Algorithms -- Numbers

Basic arithmetic

A basic decimal property:

The sum of any three single-digit number is at most two digits long

For expressing number $k$ with base $b$, we need $\lceil log_{b}(N+1) \rceil$ digits.

For binary multiplication, the left-shifting is just a quick way to multiply by the base.

There is another multiplying method, code as below:

function multiply(x,y){
    // Input: n-bit integers x and y, where y>=0;
    // Output: the product of them
    if y == 0: return 0;
    z = multiply(x, y/2); // here is the floor of y/2
    if y is even:
    return 2*z;
    else:
    return x+2*z;
    }

And division:

function divide(x,y){
// Output: The quotient and remainder of x divided by y
if x == 0: return (q,r) = (0,0)
(q,r) = divide( x/2, y );
q = 2*q; r = 2*r;
if x is odd: r=r+1
if r >= y: r = r-y, q = q+1;
return (q,r);

How to analyze this method?

Modular Arithmetic

Modular arithmetic is a system for dealing with restricted ranges of integers.

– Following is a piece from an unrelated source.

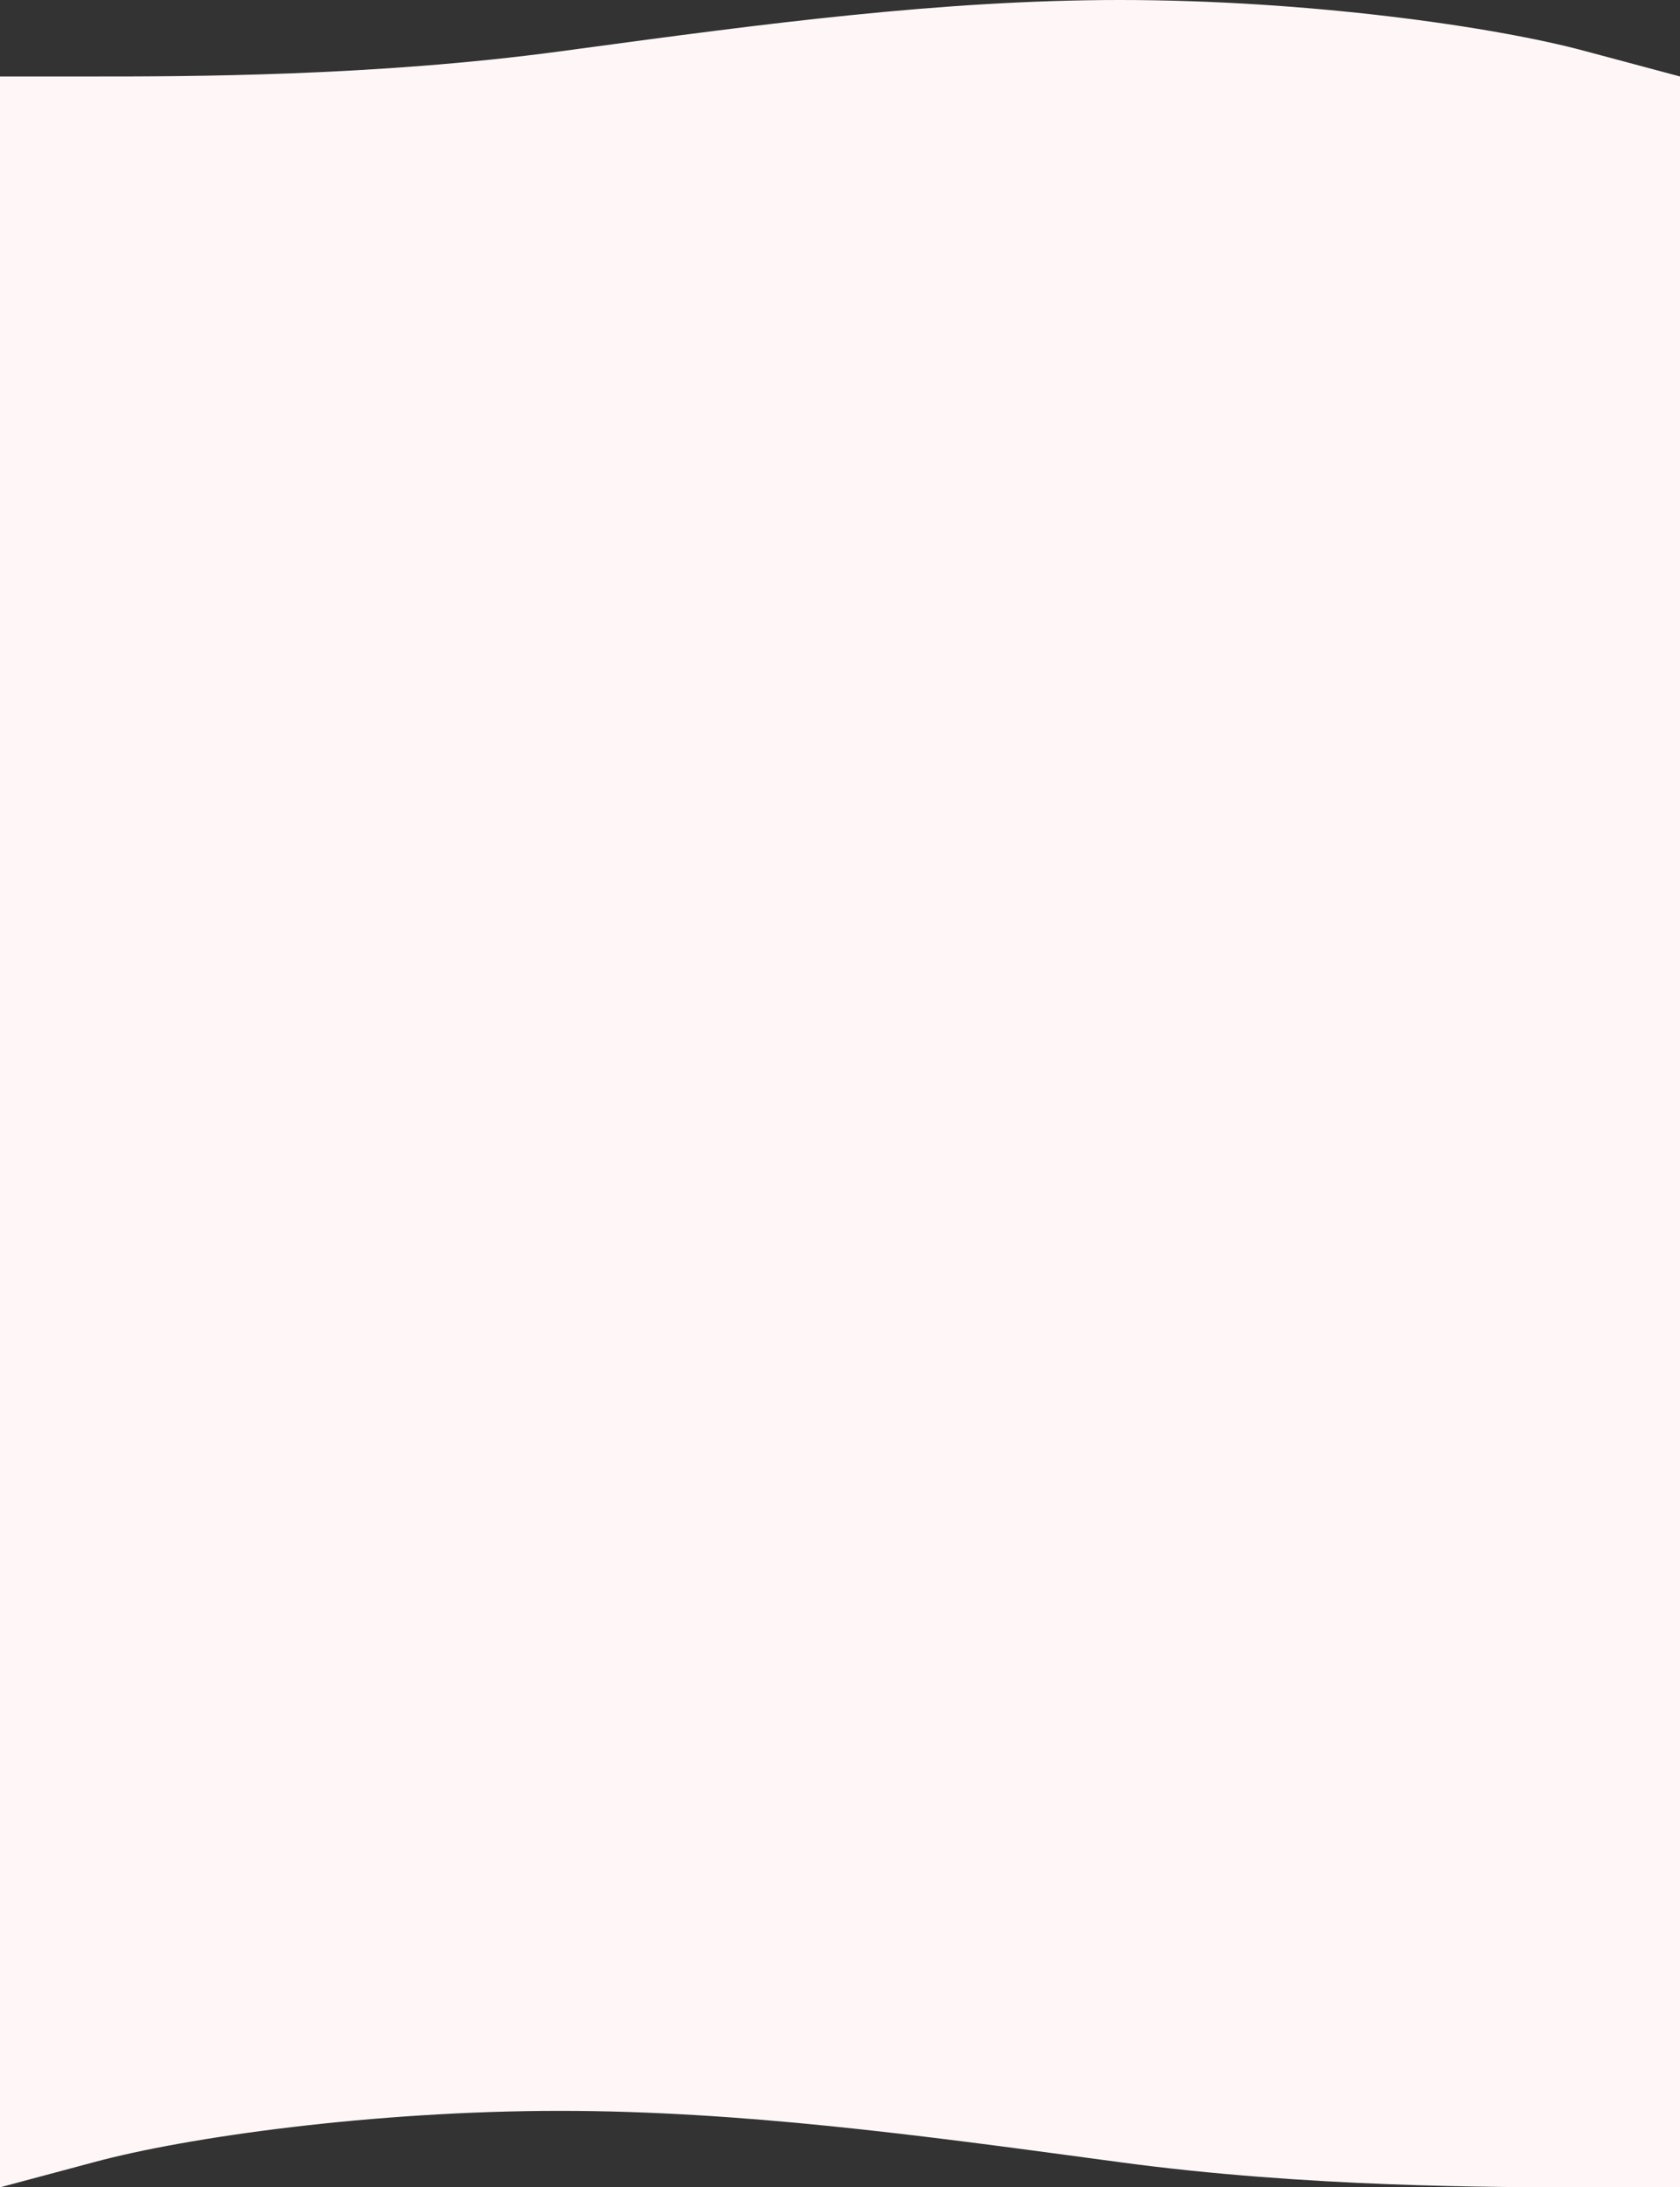 <svg width="3020" height="3929" viewBox="0 0 3020 3929" fill="none" xmlns="http://www.w3.org/2000/svg">
<rect x="0" y="0" width="3020" height="3929" fill="#333333" stroke="none"/>
<path d="M168.617 137.363H0L0 3929L168.616 3883.91C334.717 3838.82 671.95 3791.64 1006.67 3791.64C1329.28 3791.64 1654.23 3835.47 1977.01 3879.01C1989.12 3880.65 2001.23 3882.28 2013.33 3883.91C2348.05 3929 2685.28 3929 2851.38 3929H3020L3020 137.363L2851.38 92.274C2685.28 47.186 2348.05 0 2013.33 0C1690.72 0 1365.77 43.835 1042.99 87.377C1030.88 89.011 1018.77 90.644 1006.67 92.274C671.95 137.363 334.717 137.363 168.617 137.363Z" fill="#FFF7F7"/>
</svg>

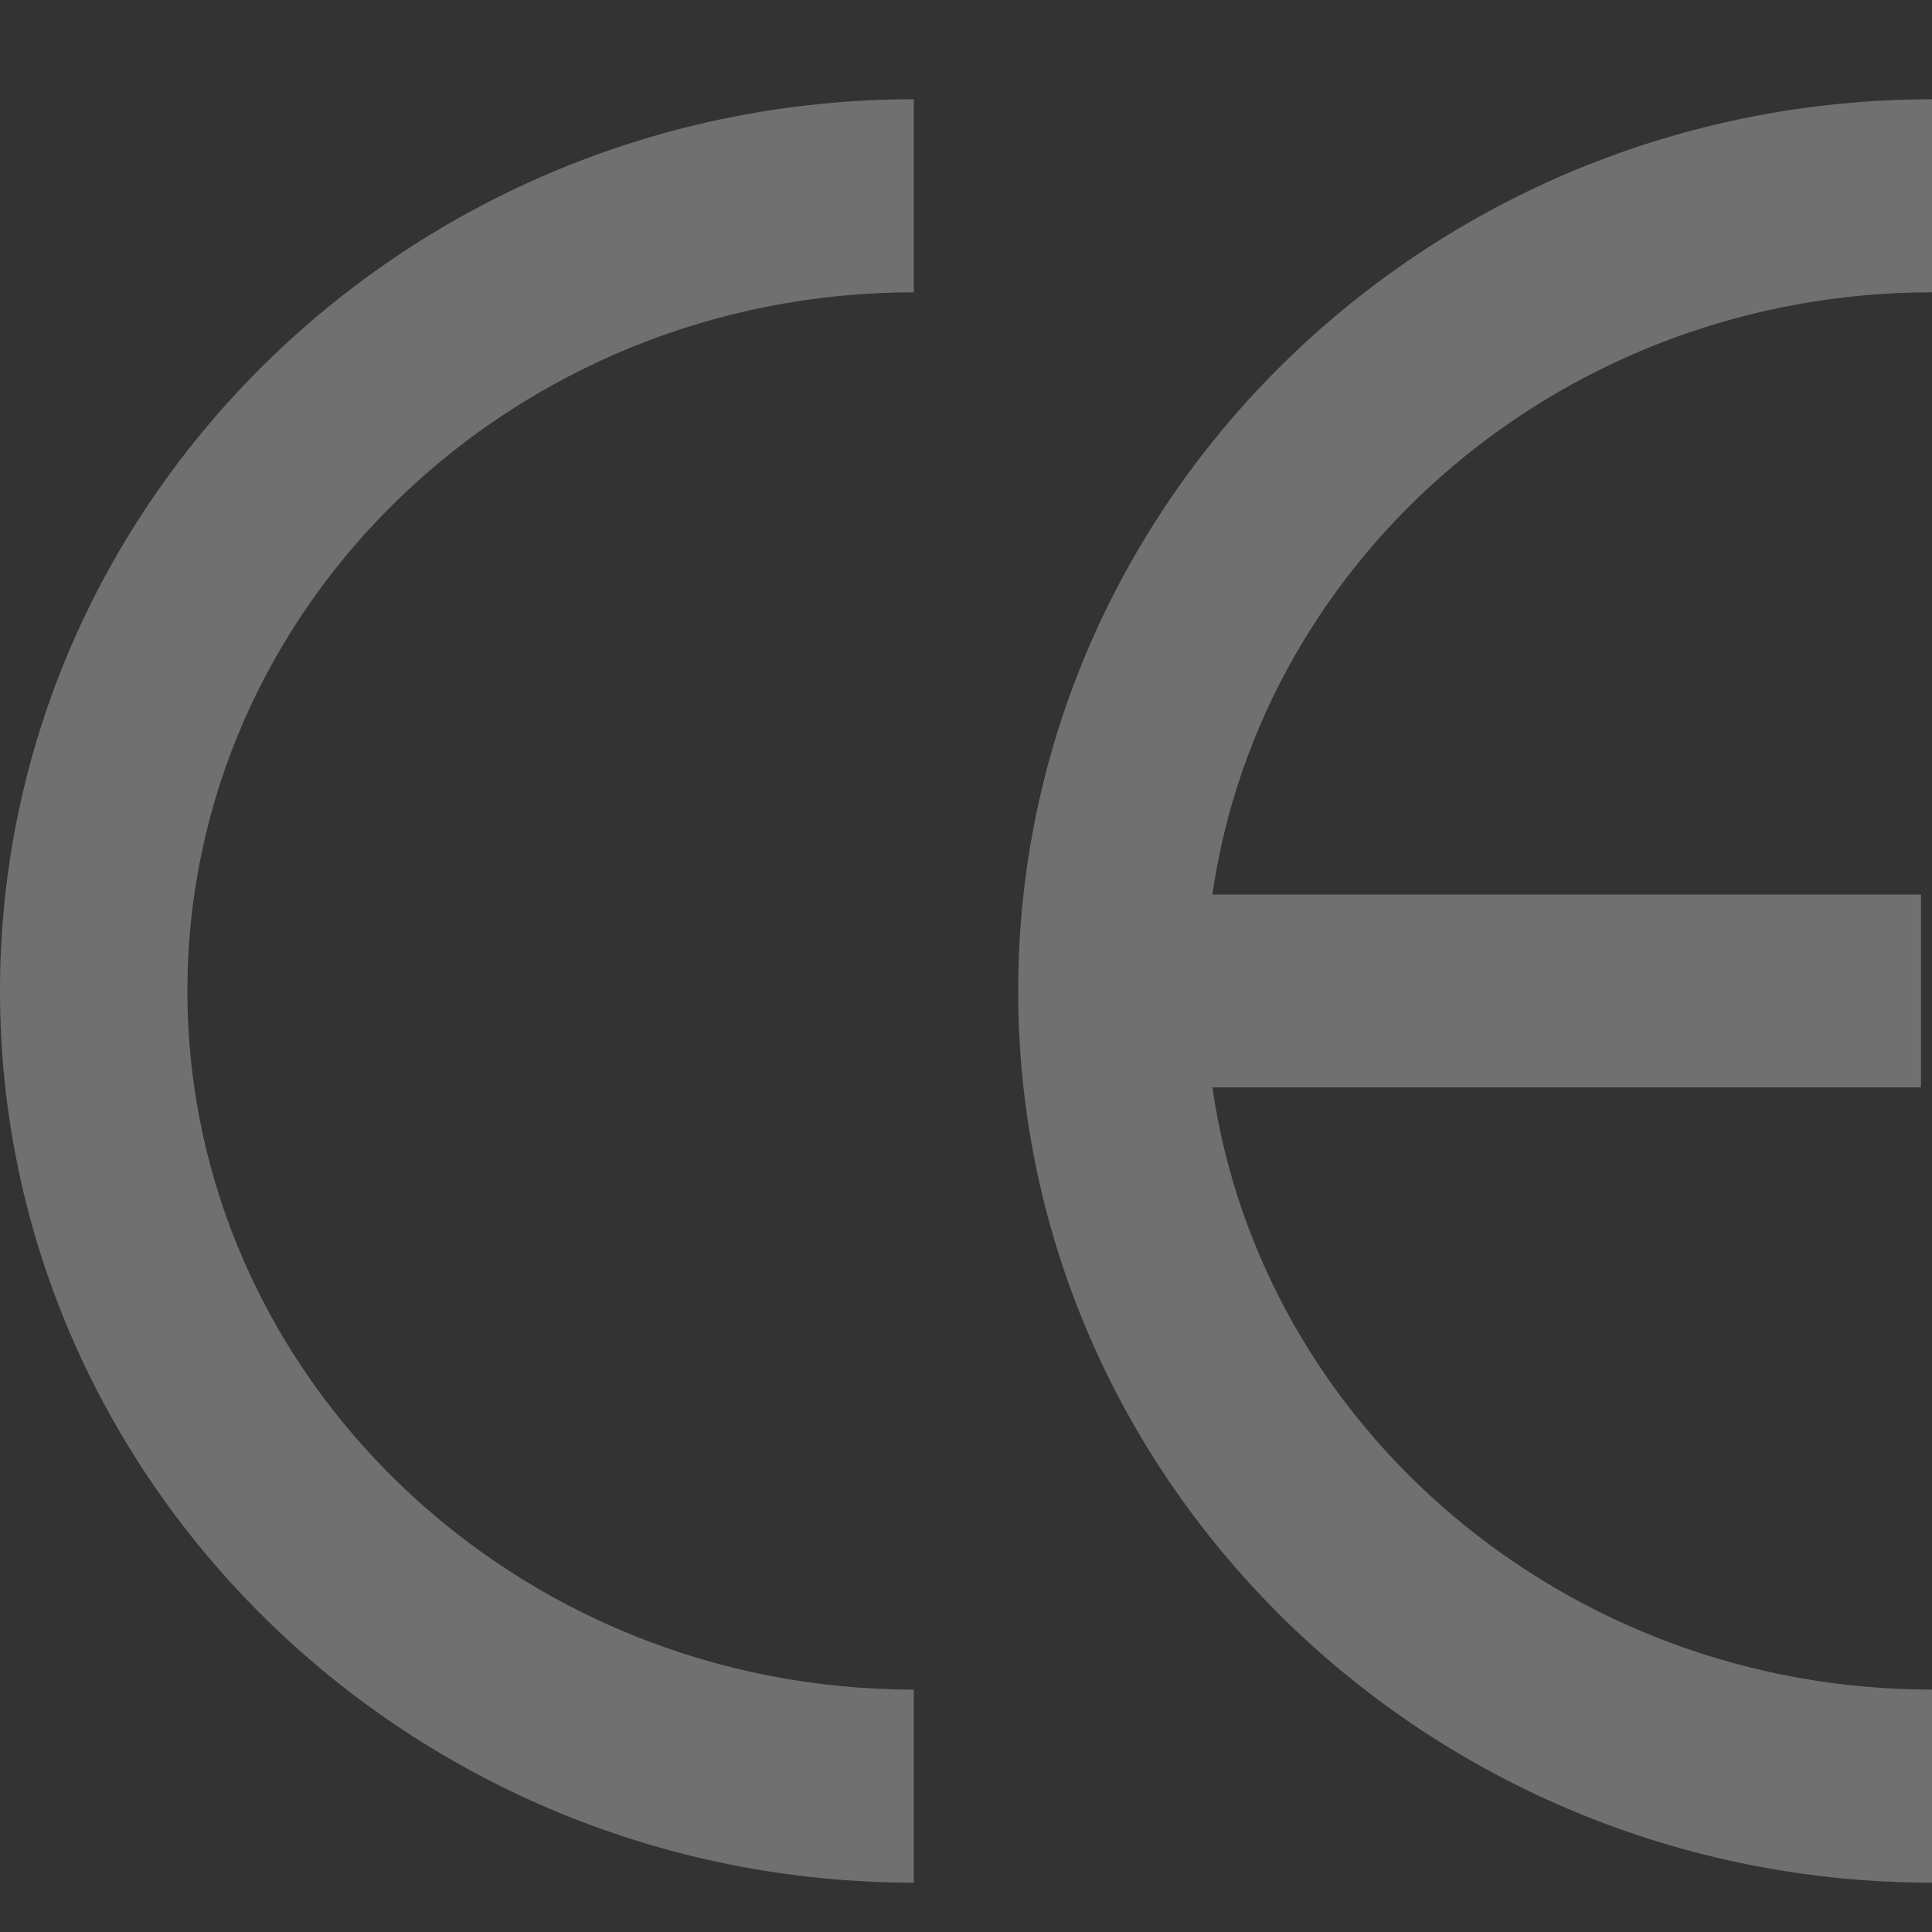 <?xml version="1.0" encoding="UTF-8"?> <svg xmlns="http://www.w3.org/2000/svg" width="13" height="13" viewBox="0 0 13 13" fill="none"><rect x="0" y="0" width="13" height="13" fill="#333333" stroke="none"/><path d="M5.24533e-07 6.668C8.13763e-07 9.976 2.759 12.668 6.149 12.668L6.149 11.369C3.454 11.369 1.261 9.26 1.261 6.668C1.261 4.076 3.454 1.967 6.149 1.967L6.149 0.668C2.759 0.668 2.35306e-07 3.36 5.24533e-07 6.668Z" fill="white" fill-opacity="0.3"></path><path d="M13 1.967L13 0.668C9.609 0.668 6.851 3.36 6.851 6.668C6.851 9.976 9.609 12.668 13 12.668L13 11.369C10.534 11.369 8.488 9.603 8.158 7.317L12.926 7.317L12.926 6.019L8.158 6.019C8.488 3.732 10.534 1.967 13 1.967Z" fill="white" fill-opacity="0.3"></path></svg>

In fact, this provides a simpler way to think about "two's complement", namely, we use n bits to represent number in the range $[-2^{n-1}, 2^{n-1}-1]$:

Positive integers, in the range $[0, 2^{n-1}-1]$, are stored in regular binary with a leading bit of 0;
Negative integers, such as -x, with x in the range $[1, 2^{n-1}]$, are stored by first constructing x in binary, then flipping all the bits and finally adding 1. Then leading bit in this case is 1.

OK, how to think about it? Any number in the range $[-2^{n-1}, 2{n-1}-1]$ is stored modulo $2^n$.

Modular exponent

function modexp(x, y, N){
    //Output: x^y(mod N)
    if y == 0: return 1;
    z = modexp(x, y/2, N);
    if y is even: return z^2 mod N;
    else: return x*z^2 mod N;
}

How to understand this snippet of code? When we do y/2, if y is odd, it's apparent that we will lose during the floor operation. So we multiply it back with x in else statement.

gcd

Euclid's rule: if x>=y>0, then gcd(x, y) = gcd (x mod y, y)

A simple extension of Euclid's algorithm

function ex-Euclid(a,b){
    \\Output: Integers x, y, d s.t. d=gcd(a,b) and ax+by=d
    if b == 0: return (1, 0, a);
    (x', y', d) = ex-Euclid(b, a mod b);
    return (y', x' - a/b*y', d);
}

Modular division

We say $x$ is the multiplication inverse of $a$ modulo $N$ iff $ax \equiv 1 (mod N)$

Primality Testing

Fermat's little theorem: if p is prime, then $\forall 1 \leq a < p$, $a^{p-1} \equiv 1 (mod p)$

An algorithm for testing primality, with low error probability.

function primality2(N){
Pick positive integers a1, a2, ..., ak at random;
if ai^(N-1) \equiv 1 (mod N) for all i = 1, 2, ..., l: return yes;
else: return  no;
}

Generating random primes

Pick a random n-bit number N
Run a primality test on N
If it passed the test, output it; else repeat the process

Private-Key Schemes

The function of encoding is invertible, or have a inverse function for decoding.

One time pad -- use exclusive-or bewteen the message and key, we get cipher-text; And for Bob, he can use another time exclusive-or between the cipher-text and key to restore the plain-text.

AES (Advanced Encryption Standard) -- can use a constant key which has a fixed size, such as 128 bit, and specify a bijection from same-size string to another same-size string.

RSA

Bob chooses his public key adn secret key.
- He starts picking two large, n-bit random primes p and q
- His public key is (N,e) where N = pq and e is a 2n-bit number relatively prime to (p-1)(q-1).
- Determine d, the inverse of e modulo (p-1)(q-1). And d is secret key
Alice send message x to Bob
- She use public key to send him y=(x^e mod N)
- Bob decodes the message by computing y^d mod N

The security of RSA depends on: Given N, e, and y=x^e mod N, it is computationally intractable to determine x

Hashing

Hashing is a very useful method of storing data items in a table so as to support insertions, deletions and queries.

With hashing, we can almost achieve linear time consumption efficiency with linear space consumption, compared to direct mapping and link table.

The hash function is used to assign the entries to positions on hash table, or assign x to h(x).

Apparently, we need randomization to deal with the unpredictable behaviour of distribution.

So we have: For any two items, the probability these items collide is 1/n if the hash function is randomly drawn from a universal family.